PROVIDED RECORDS -
● ● ● ● ● ● ●

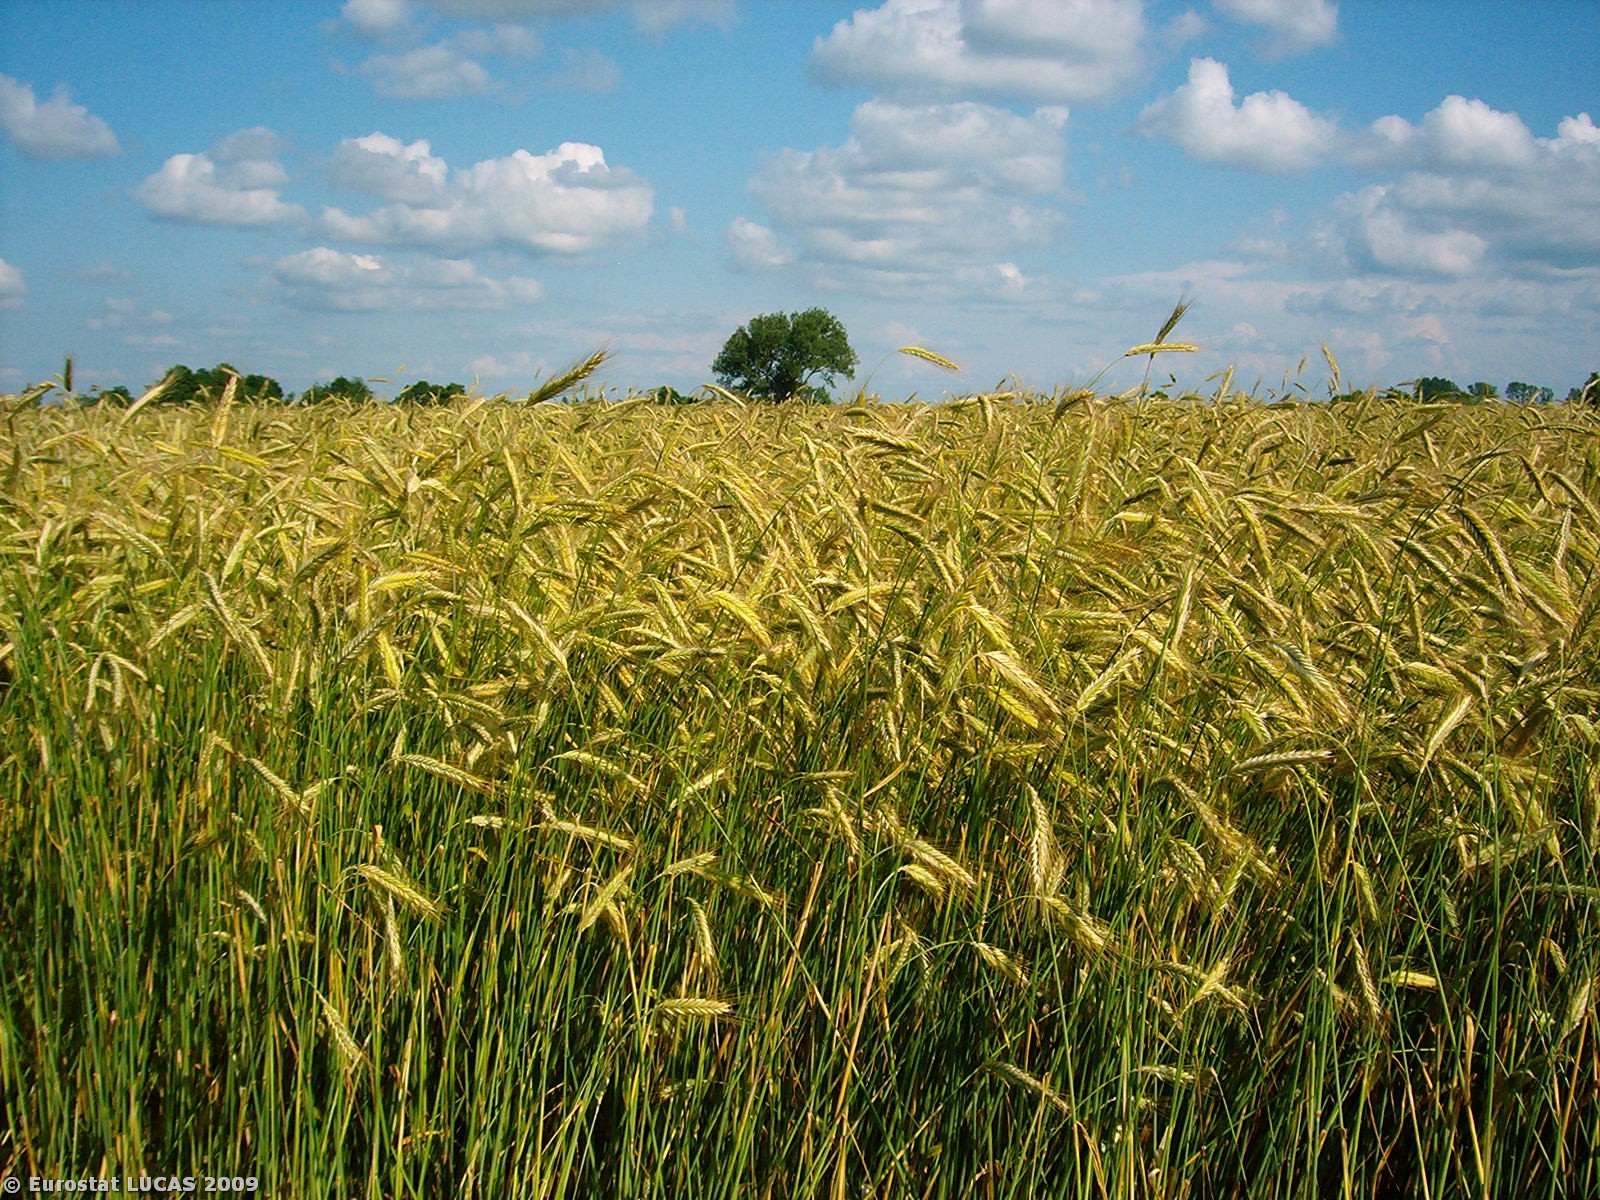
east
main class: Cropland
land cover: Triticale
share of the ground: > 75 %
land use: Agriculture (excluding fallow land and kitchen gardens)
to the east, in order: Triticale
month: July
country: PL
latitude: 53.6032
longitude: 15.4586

● ● ● ● ● ● ●

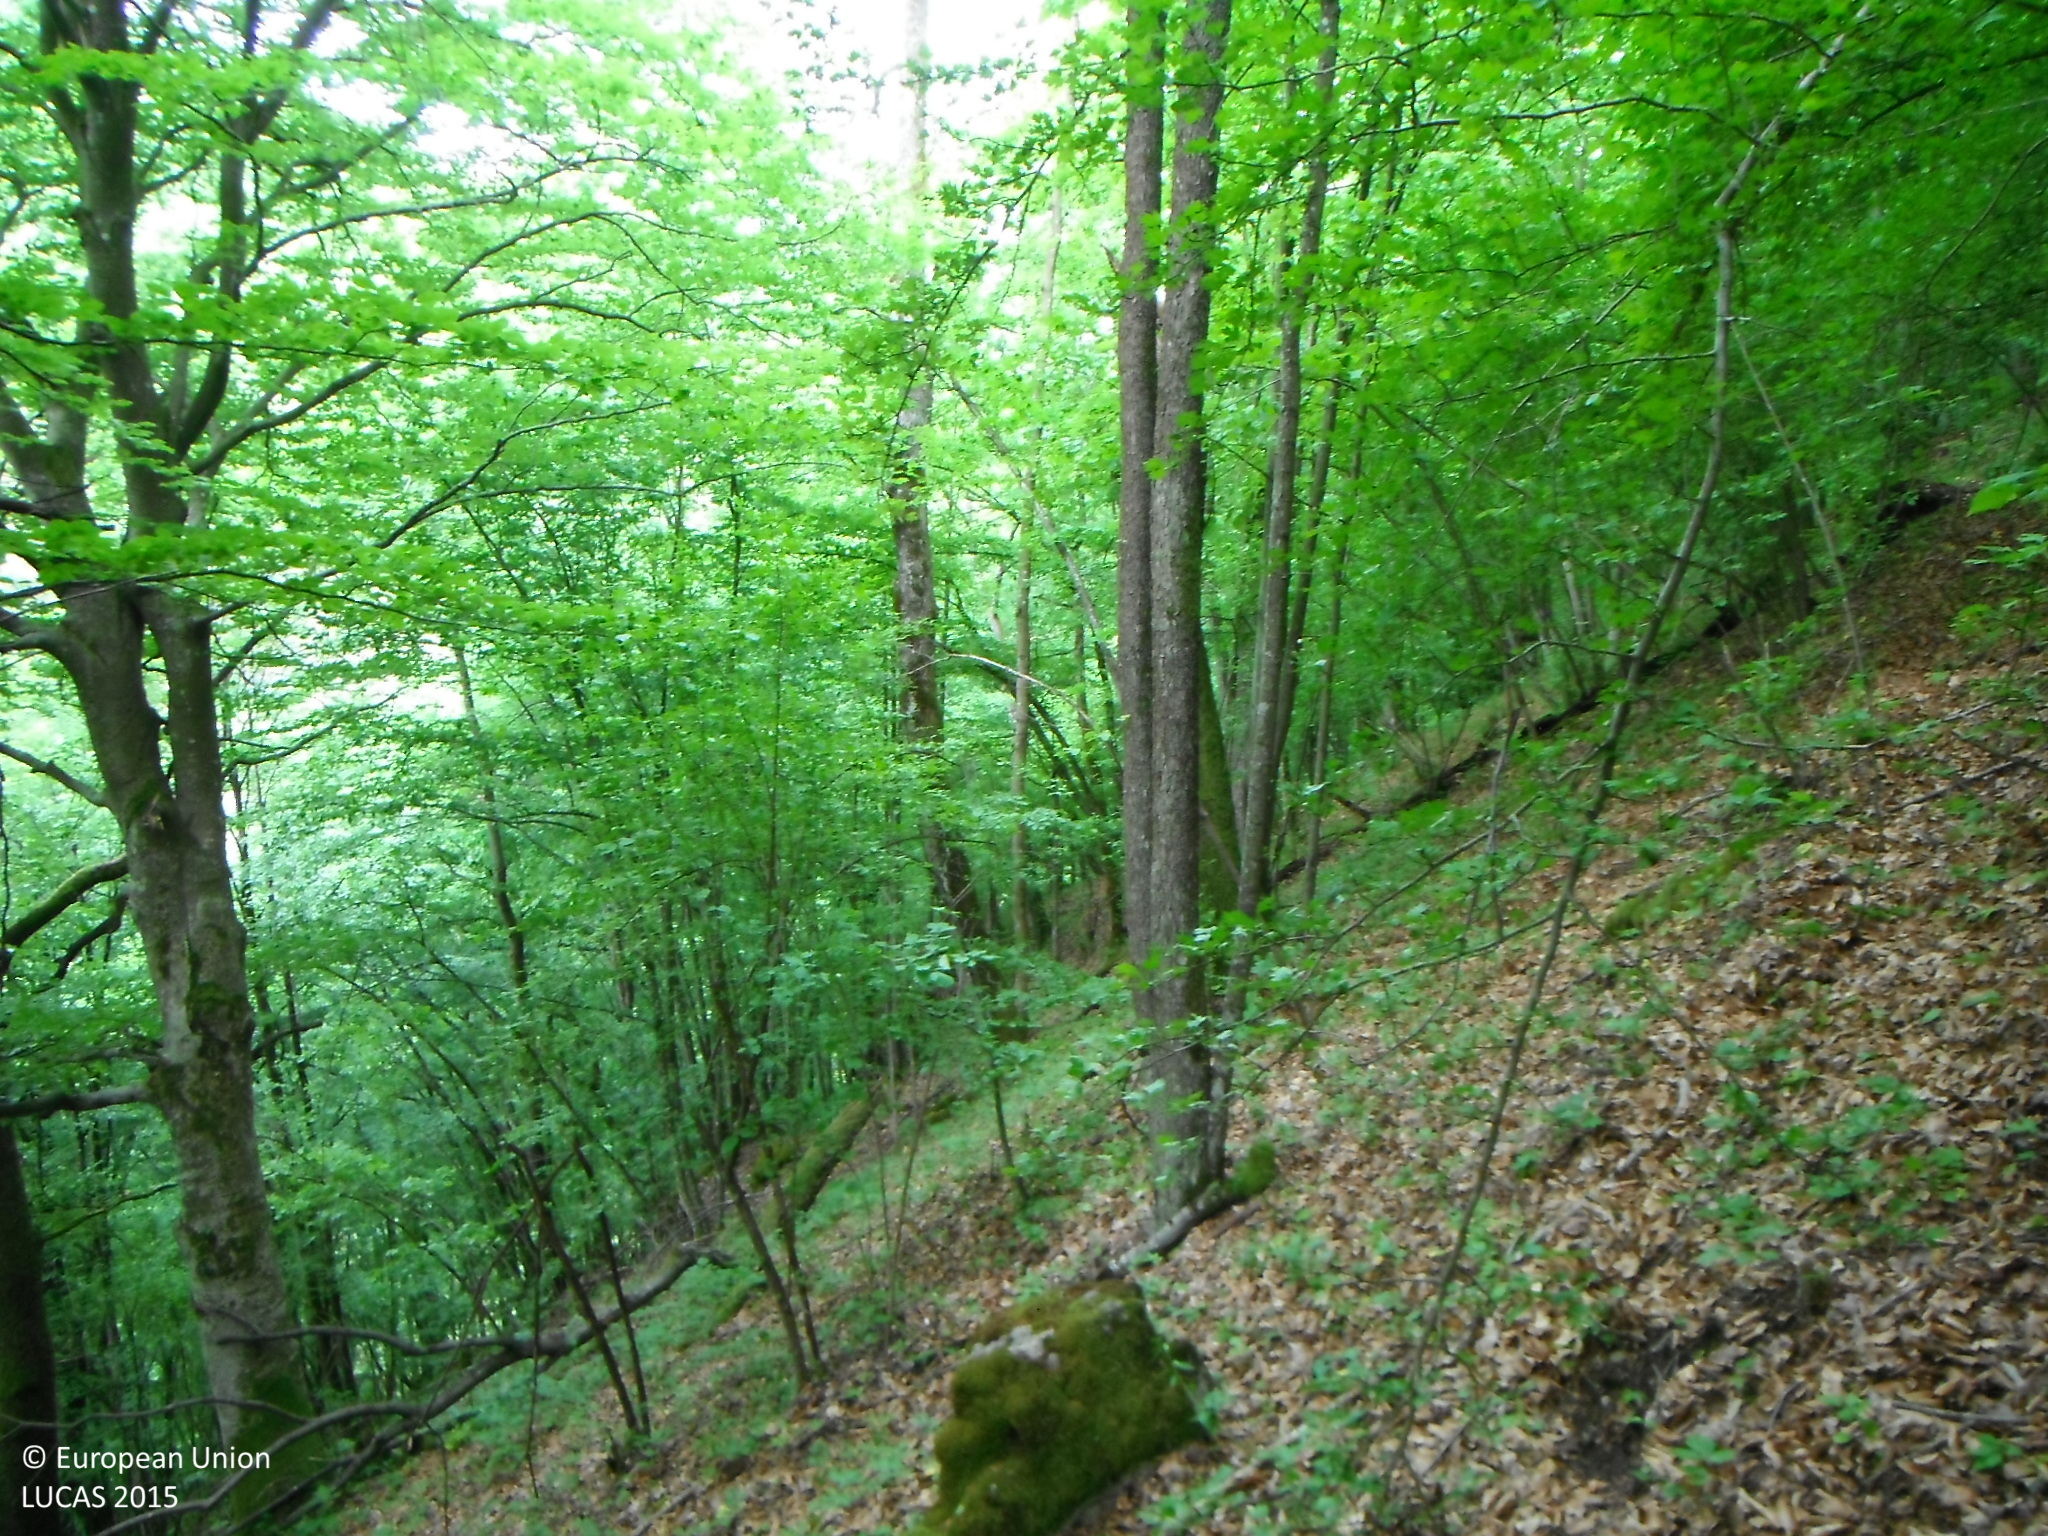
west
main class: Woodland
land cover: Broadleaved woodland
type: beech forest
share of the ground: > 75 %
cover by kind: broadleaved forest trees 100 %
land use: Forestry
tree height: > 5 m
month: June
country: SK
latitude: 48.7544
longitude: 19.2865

● ● ● ● ● ● ●

WHAT TO PRODUCE -
In the listing above, find the line with "land use: Forestry" and the line with "longitude: 19.2865", then reproduce both and every line between them exactly.

TASK ANSWER -
land use: Forestry
tree height: > 5 m
month: June
country: SK
latitude: 48.7544
longitude: 19.2865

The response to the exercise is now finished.